Only the lines from the line with "Since image 1, 4.3 seconds have elapsed." through the end of the records belong in your reply, copied exactly, with every picture left out.
---- Excerpted data
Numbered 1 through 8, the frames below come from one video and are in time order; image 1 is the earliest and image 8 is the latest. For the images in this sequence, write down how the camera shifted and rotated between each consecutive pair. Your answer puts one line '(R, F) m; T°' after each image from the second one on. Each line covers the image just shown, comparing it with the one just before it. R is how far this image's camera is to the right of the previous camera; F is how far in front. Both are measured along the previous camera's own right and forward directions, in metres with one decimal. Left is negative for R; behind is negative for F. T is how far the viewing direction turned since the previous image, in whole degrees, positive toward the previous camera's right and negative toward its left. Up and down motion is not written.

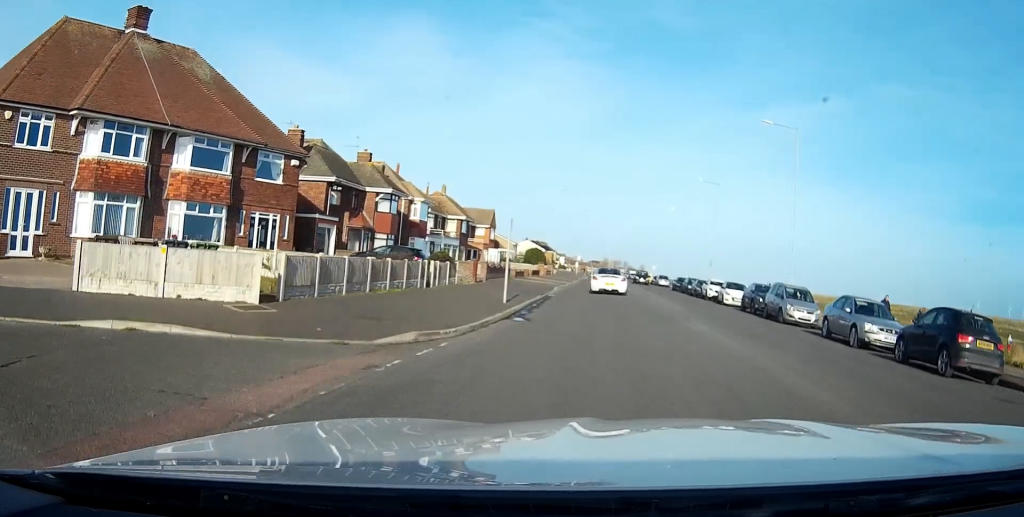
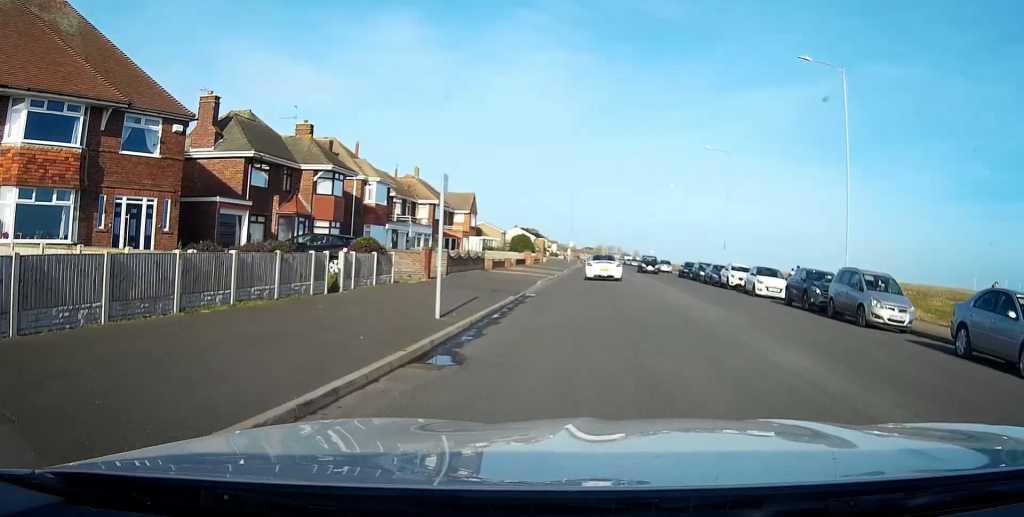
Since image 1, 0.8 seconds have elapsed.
(+0.1, +9.7) m; 0°
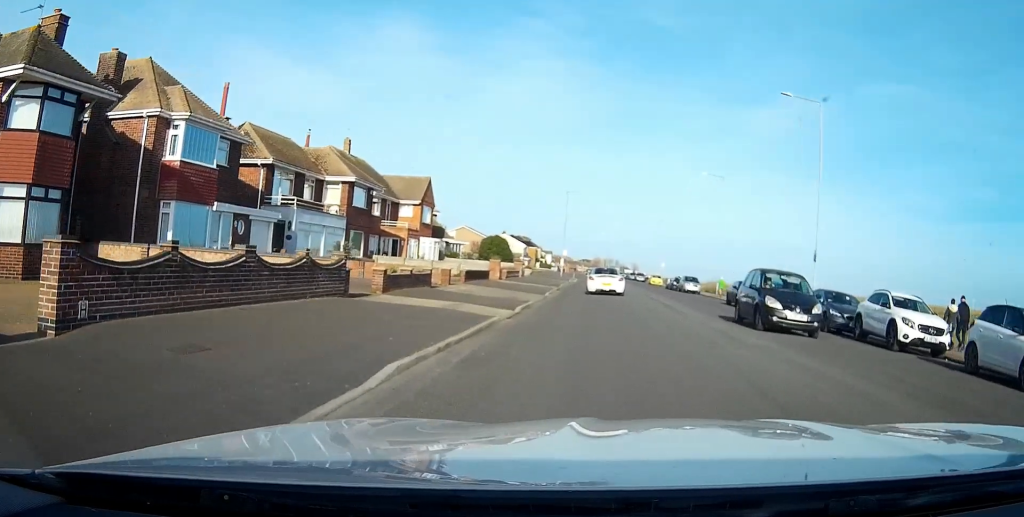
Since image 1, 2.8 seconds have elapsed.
(-0.2, +23.5) m; -1°
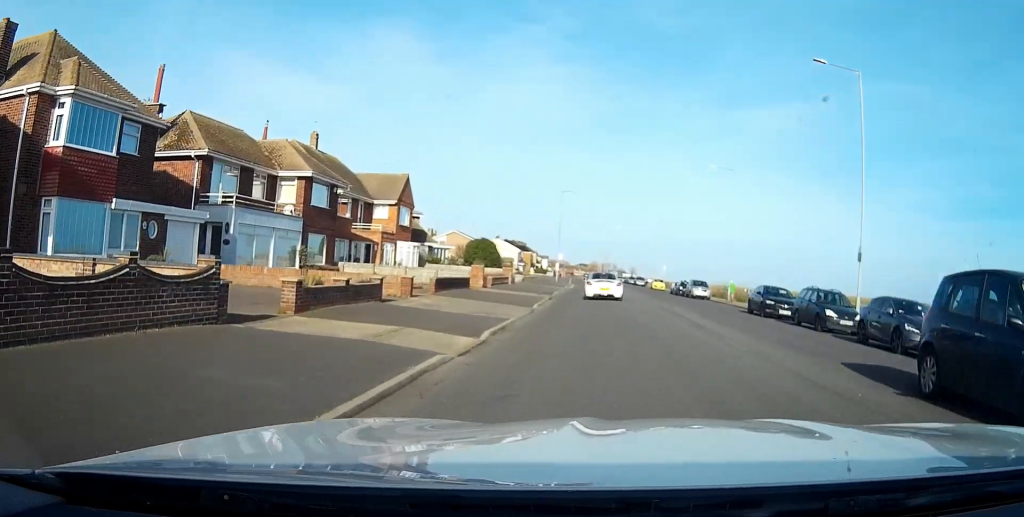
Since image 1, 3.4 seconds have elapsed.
(0.0, +6.3) m; 0°
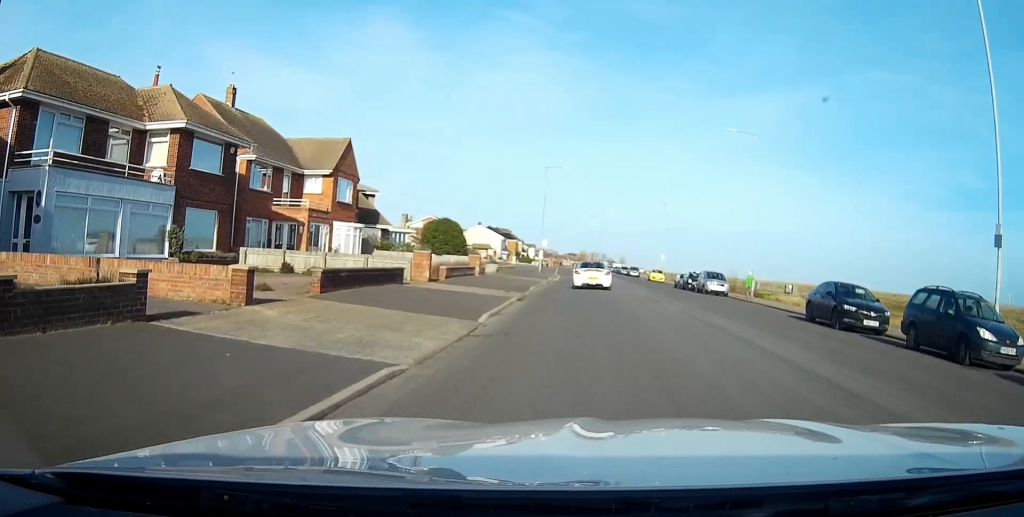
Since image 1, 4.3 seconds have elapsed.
(+0.1, +11.4) m; 0°
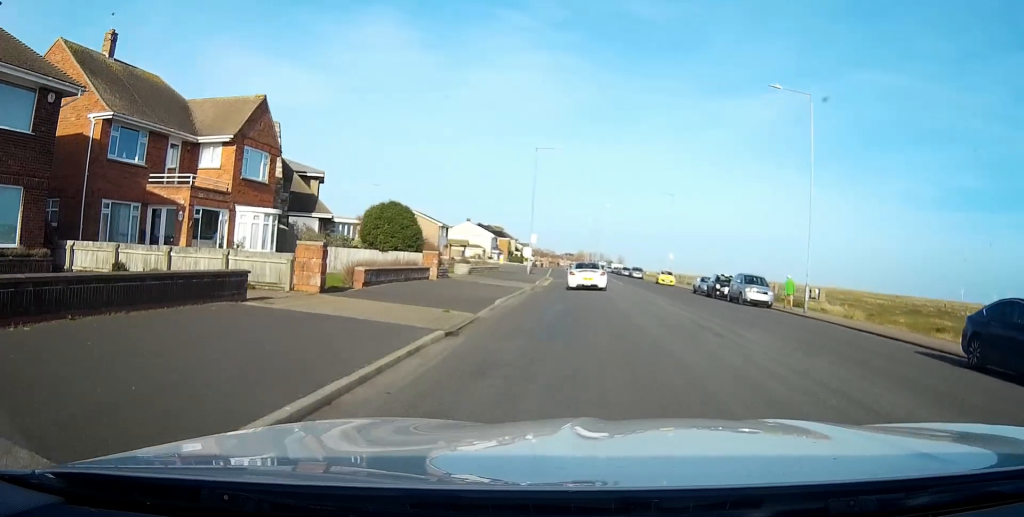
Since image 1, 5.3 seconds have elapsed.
(-0.1, +11.8) m; 0°
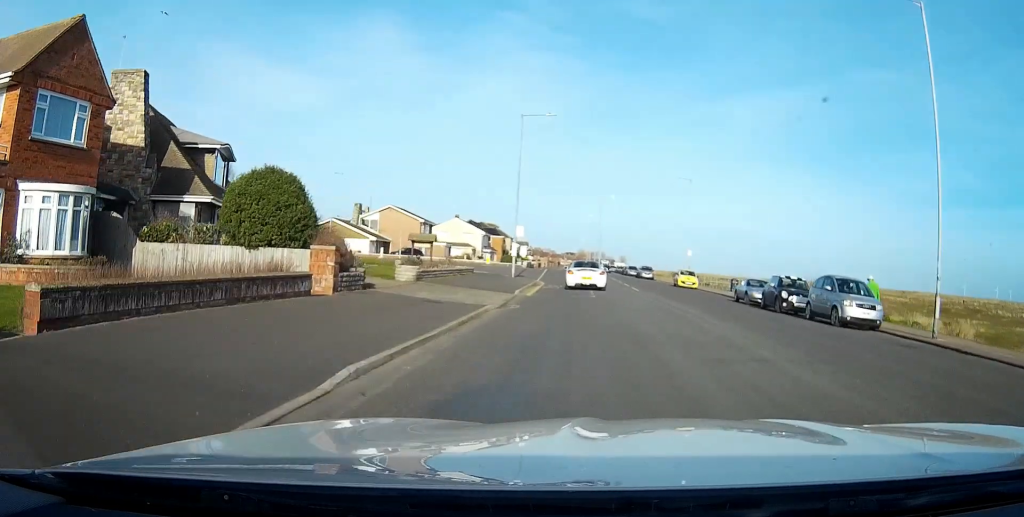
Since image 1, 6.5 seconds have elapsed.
(+0.1, +13.4) m; 0°
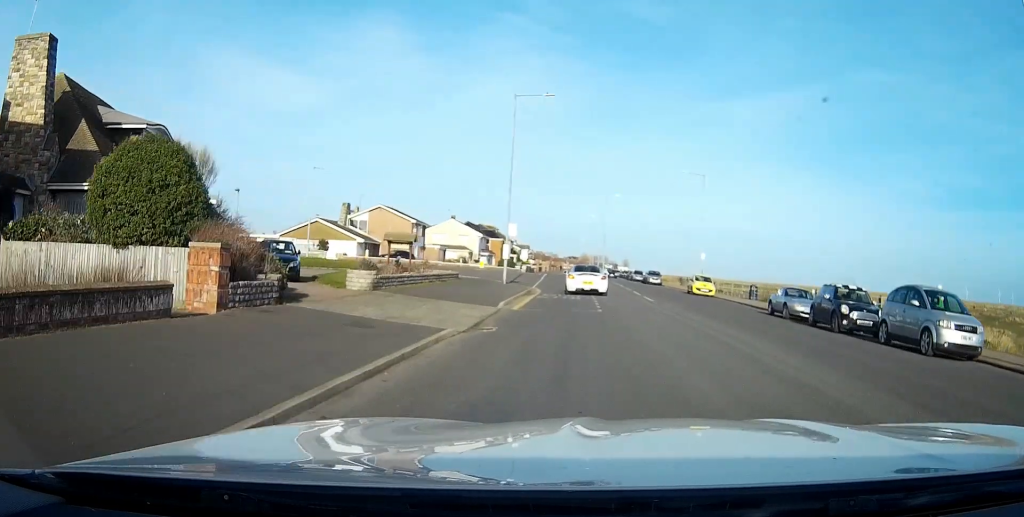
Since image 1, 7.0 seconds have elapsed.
(0.0, +6.3) m; 0°
--------
### The completed task
Since image 1, 4.3 seconds have elapsed.
(+0.1, +11.4) m; 0°
Since image 1, 5.3 seconds have elapsed.
(-0.1, +11.8) m; 0°
Since image 1, 6.5 seconds have elapsed.
(+0.1, +13.4) m; 0°
Since image 1, 7.0 seconds have elapsed.
(0.0, +6.3) m; 0°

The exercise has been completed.